WORK TO COMPLETE
Each line of the listing, apart from the pictures, is to be printed exactly.

EXTRACTED RECORDS
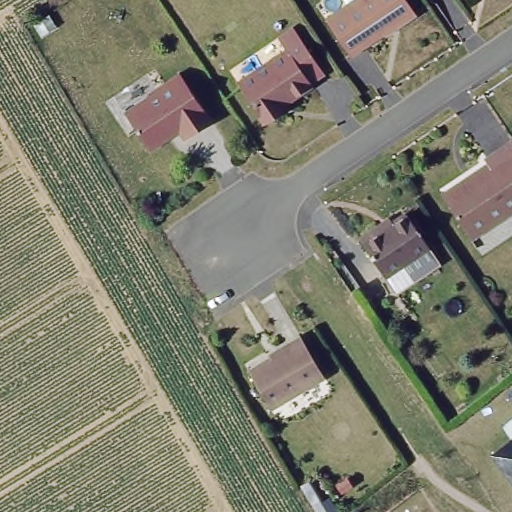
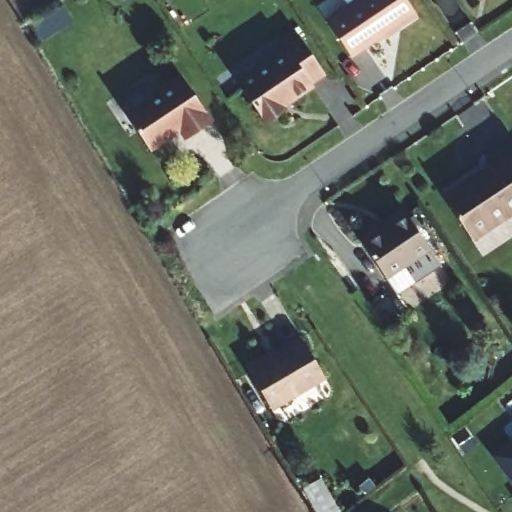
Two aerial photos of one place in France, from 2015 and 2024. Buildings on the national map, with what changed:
unchanged [(396,22),(395,20),(349,51),(325,15),(348,0),(408,0),(414,10),(396,22)]
unchanged [(291,46),(282,34),(298,24),(328,69),(314,79),(315,80),(284,101),(287,106),(268,119),(242,79),(291,46)]
unchanged [(214,121),(188,139),(181,128),(171,134),(173,136),(153,150),(128,113),(154,95),(153,93),(183,74),(214,121)]
unchanged [(512,209),(471,233),(445,187),(493,159),(490,154),(512,142),(512,209)]
unchanged [(382,264),(363,228),(384,215),(387,220),(412,207),(429,238),(439,255),(411,271),(392,281),(382,264)]
unchanged [(291,347),(289,344),(304,336),(328,378),(274,409),(251,369),(291,347)]
unchanged [(512,438),(512,480),(492,454),(512,438)]

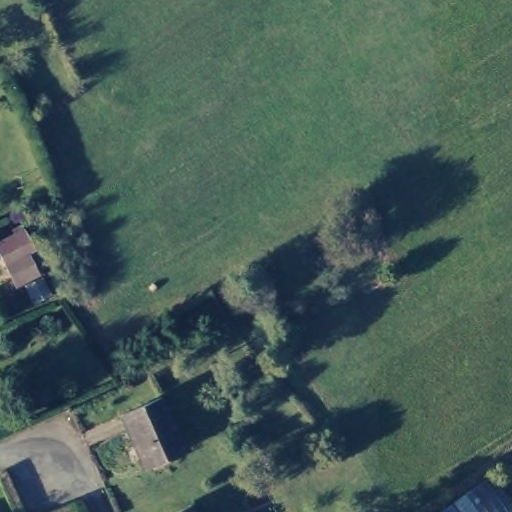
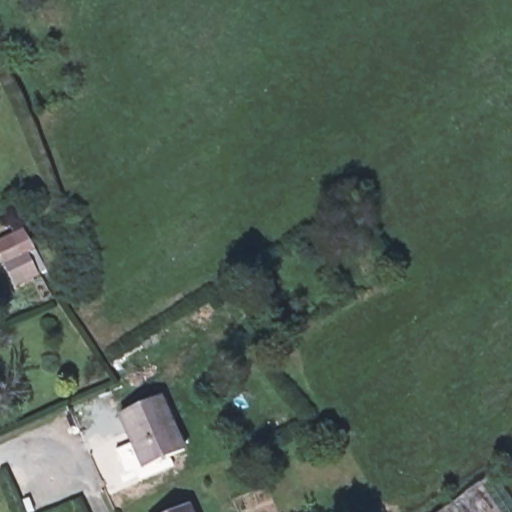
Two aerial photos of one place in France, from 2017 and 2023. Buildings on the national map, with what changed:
unchanged [(37,272),(17,281),(0,250),(0,244),(18,235),(37,272)]
unchanged [(152,393),(179,450),(141,467),(115,410),(152,393)]
unchanged [(482,478),(503,512),(429,512),(482,478)]
unchanged [(188,508),(190,512),(178,512),(188,508)]

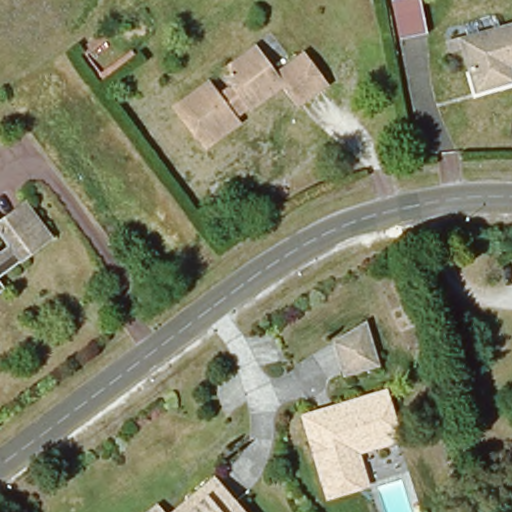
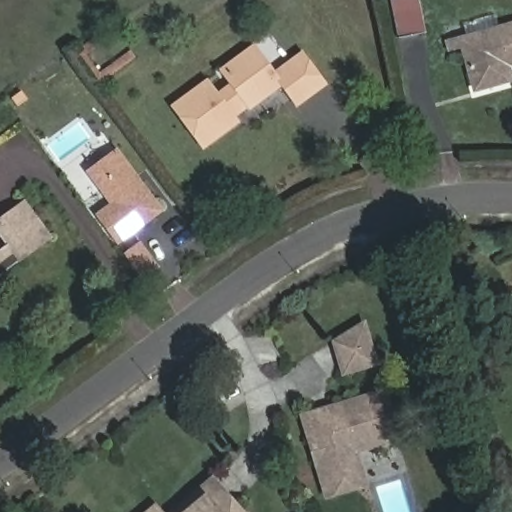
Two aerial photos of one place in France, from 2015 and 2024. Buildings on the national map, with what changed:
unchanged [(394,2),(405,0),(423,0),(429,32),(403,39),(394,2)]
unchanged [(462,40),(512,26),(512,65),(508,66),(512,81),(476,91),(462,40)]
unchanged [(239,122),(202,147),(173,107),(210,81),(222,97),(234,89),(228,80),(225,76),(223,72),(227,69),(230,66),(259,46),(279,75),(309,55),(329,84),(299,104),(285,84),(244,112),(236,117),(239,122)]
new [(95,215),(110,204),(86,172),(103,160),(118,147),(165,211),(119,246),(107,230),(95,215)]
unchanged [(11,222),(33,205),(58,237),(4,279),(9,286),(0,293),(0,227),(4,227),(11,222)]
new [(141,241),(161,268),(151,275),(144,281),(124,254),(132,248),(141,241)]
unchanged [(337,344),(366,327),(378,366),(347,376),(337,344)]
unchanged [(329,498),(324,483),(305,419),(322,413),(329,418),(339,415),(337,409),(386,395),(399,441),(357,453),(363,472),(368,487),(329,498)]
unchanged [(216,479),(245,512),(178,512),(188,503),(216,479)]
unchanged [(162,512),(154,512),(159,508),(162,512)]

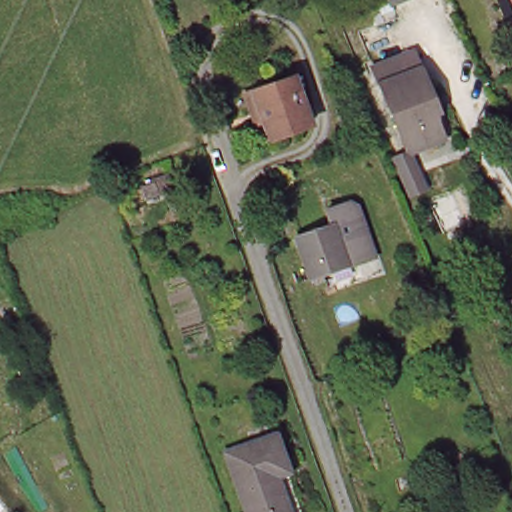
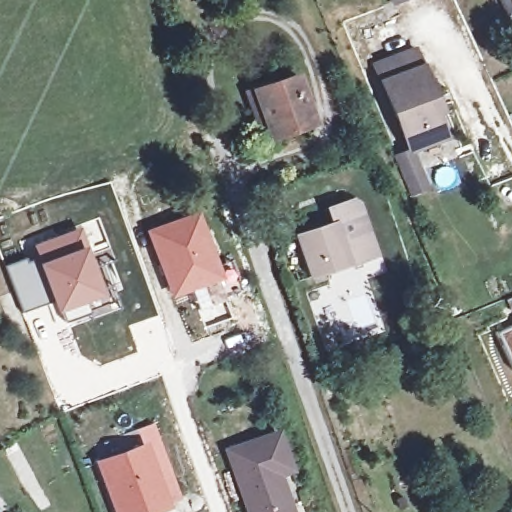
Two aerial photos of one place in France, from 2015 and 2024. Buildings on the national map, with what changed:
unchanged [(394,0),(406,0),(397,5),(394,0)]
unchanged [(430,99),(446,139),(411,153),(382,83),(375,66),(416,50),(422,66),(434,96),(430,99)]
unchanged [(313,124),(273,139),(266,120),(256,123),(245,93),(255,89),(295,75),(313,124)]
unchanged [(328,210),(352,201),(359,204),(377,255),(314,278),(297,236),(334,223),(328,210)]
new [(197,209),(226,280),(172,300),(145,229),(197,209)]
new [(120,308),(91,319),(89,314),(66,322),(61,310),(56,312),(52,299),(22,313),(5,267),(26,258),(27,262),(38,257),(34,245),(79,228),(95,266),(103,264),(120,308)]
unchanged [(508,300),(512,298),(512,310),(508,300)]
unchanged [(228,452),(277,435),(290,470),(277,475),(290,512),(249,512),(228,452)]
new [(166,507),(149,512),(119,512),(101,464),(143,448),(166,507)]

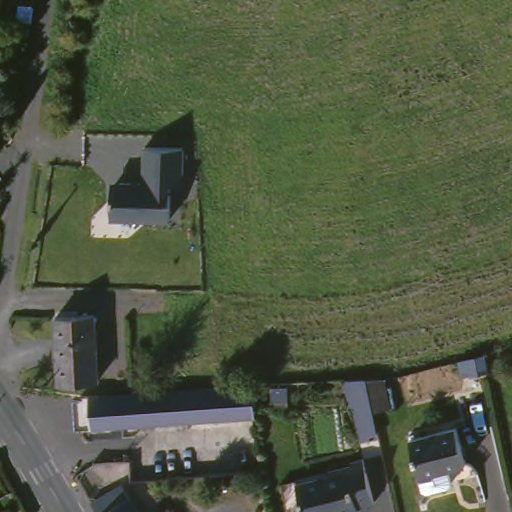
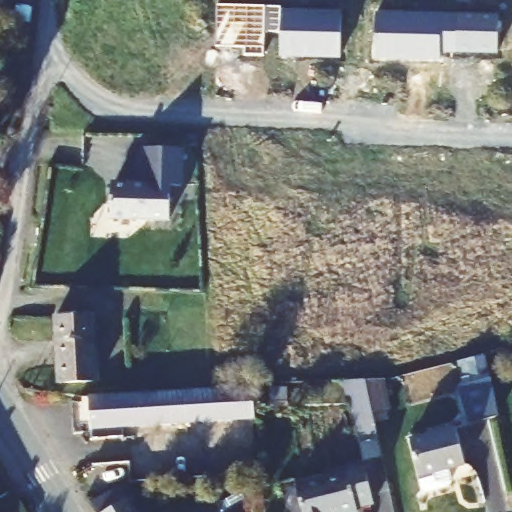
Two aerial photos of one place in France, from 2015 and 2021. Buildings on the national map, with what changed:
unchanged [(0,0),(26,0),(22,37),(8,36),(10,15),(5,15),(3,34),(0,33),(0,0)]
new [(216,6),(280,8),(280,13),(279,33),(263,33),(262,56),(242,55),(242,47),(215,47),(216,6)]
new [(279,33),(280,13),(335,14),(334,57),(278,56),(279,33)]
new [(375,15),(440,17),(440,47),(439,54),(374,54),(375,15)]
new [(440,17),(497,18),(497,48),(440,47),(440,17)]
unchanged [(192,147),(190,179),(178,180),(173,220),(115,214),(117,172),(145,173),(147,145),(192,147)]
unchanged [(97,383),(58,384),(54,317),(93,315),(97,383)]
unchanged [(377,434),(360,438),(347,382),(365,381),(377,434)]
unchanged [(250,388),(252,420),(122,427),(123,436),(91,438),(89,397),(250,388)]
unchanged [(468,470),(423,482),(415,446),(459,434),(468,470)]
unchanged [(364,468),(373,507),(357,511),(357,512),(302,512),(296,488),(328,481),(327,476),(364,468)]
unchanged [(135,512),(92,512),(87,504),(121,487),(135,512)]

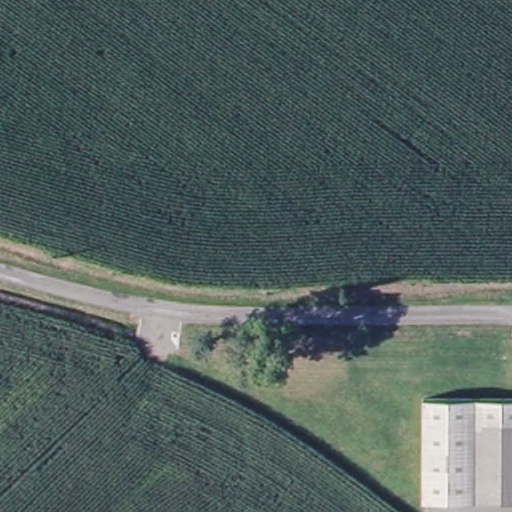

ANSWER BOX
Two aerial photos of one place in France, from 2015 and 2024. Buildings on the national map, with what changed:
unchanged [(396,22),(395,20),(349,51),(325,15),(348,0),(408,0),(414,10),(396,22)]
unchanged [(291,46),(282,34),(298,24),(328,69),(314,79),(315,80),(284,101),(287,106),(268,119),(242,79),(291,46)]
unchanged [(214,121),(188,139),(181,128),(171,134),(173,136),(153,150),(128,113),(154,95),(153,93),(183,74),(214,121)]
unchanged [(512,209),(471,233),(445,187),(493,159),(490,154),(512,142),(512,209)]
unchanged [(382,264),(363,228),(384,215),(387,220),(412,207),(429,238),(439,255),(411,271),(392,281),(382,264)]
unchanged [(291,347),(289,344),(304,336),(328,378),(274,409),(251,369),(291,347)]
unchanged [(512,438),(512,480),(492,454),(512,438)]

Two aerial photos of one place in France, from 2017 and 2023. Buildings on the national map, with what changed:
unchanged [(37,272),(17,281),(0,250),(0,244),(18,235),(37,272)]
unchanged [(152,393),(179,450),(141,467),(115,410),(152,393)]
unchanged [(482,478),(503,512),(429,512),(482,478)]
unchanged [(188,508),(190,512),(178,512),(188,508)]

Two aerial photos of one place in France, from 2015 and 2024. Buildings on the national map, with what changed:
unchanged [(394,2),(405,0),(423,0),(429,32),(403,39),(394,2)]
unchanged [(462,40),(512,26),(512,65),(508,66),(512,81),(476,91),(462,40)]
unchanged [(239,122),(202,147),(173,107),(210,81),(222,97),(234,89),(228,80),(225,76),(223,72),(227,69),(230,66),(259,46),(279,75),(309,55),(329,84),(299,104),(285,84),(244,112),(236,117),(239,122)]
new [(95,215),(110,204),(86,172),(103,160),(118,147),(165,211),(119,246),(107,230),(95,215)]
unchanged [(11,222),(33,205),(58,237),(4,279),(9,286),(0,293),(0,227),(4,227),(11,222)]
new [(141,241),(161,268),(151,275),(144,281),(124,254),(132,248),(141,241)]
unchanged [(337,344),(366,327),(378,366),(347,376),(337,344)]
unchanged [(329,498),(324,483),(305,419),(322,413),(329,418),(339,415),(337,409),(386,395),(399,441),(357,453),(363,472),(368,487),(329,498)]
unchanged [(216,479),(245,512),(178,512),(188,503),(216,479)]
unchanged [(162,512),(154,512),(159,508),(162,512)]

Two aerial photos of one place in France, from 2015 and 2024. Buildings on the national map, with what changed:
unchanged [(394,0),(406,0),(397,5),(394,0)]
unchanged [(430,99),(446,139),(411,153),(382,83),(375,66),(416,50),(422,66),(434,96),(430,99)]
unchanged [(313,124),(273,139),(266,120),(256,123),(245,93),(255,89),(295,75),(313,124)]
unchanged [(328,210),(352,201),(359,204),(377,255),(314,278),(297,236),(334,223),(328,210)]
new [(197,209),(226,280),(172,300),(145,229),(197,209)]
new [(120,308),(91,319),(89,314),(66,322),(61,310),(56,312),(52,299),(22,313),(5,267),(26,258),(27,262),(38,257),(34,245),(79,228),(95,266),(103,264),(120,308)]
unchanged [(508,300),(512,298),(512,310),(508,300)]
unchanged [(228,452),(277,435),(290,470),(277,475),(290,512),(249,512),(228,452)]
new [(166,507),(149,512),(119,512),(101,464),(143,448),(166,507)]

Two aerial photos of one place in France, from 2015 and 2021. Buildings on the national map, with what changed:
unchanged [(0,0),(26,0),(22,37),(8,36),(10,15),(5,15),(3,34),(0,33),(0,0)]
new [(216,6),(280,8),(280,13),(279,33),(263,33),(262,56),(242,55),(242,47),(215,47),(216,6)]
new [(279,33),(280,13),(335,14),(334,57),(278,56),(279,33)]
new [(375,15),(440,17),(440,47),(439,54),(374,54),(375,15)]
new [(440,17),(497,18),(497,48),(440,47),(440,17)]
unchanged [(192,147),(190,179),(178,180),(173,220),(115,214),(117,172),(145,173),(147,145),(192,147)]
unchanged [(97,383),(58,384),(54,317),(93,315),(97,383)]
unchanged [(377,434),(360,438),(347,382),(365,381),(377,434)]
unchanged [(250,388),(252,420),(122,427),(123,436),(91,438),(89,397),(250,388)]
unchanged [(468,470),(423,482),(415,446),(459,434),(468,470)]
unchanged [(364,468),(373,507),(357,511),(357,512),(302,512),(296,488),(328,481),(327,476),(364,468)]
unchanged [(135,512),(92,512),(87,504),(121,487),(135,512)]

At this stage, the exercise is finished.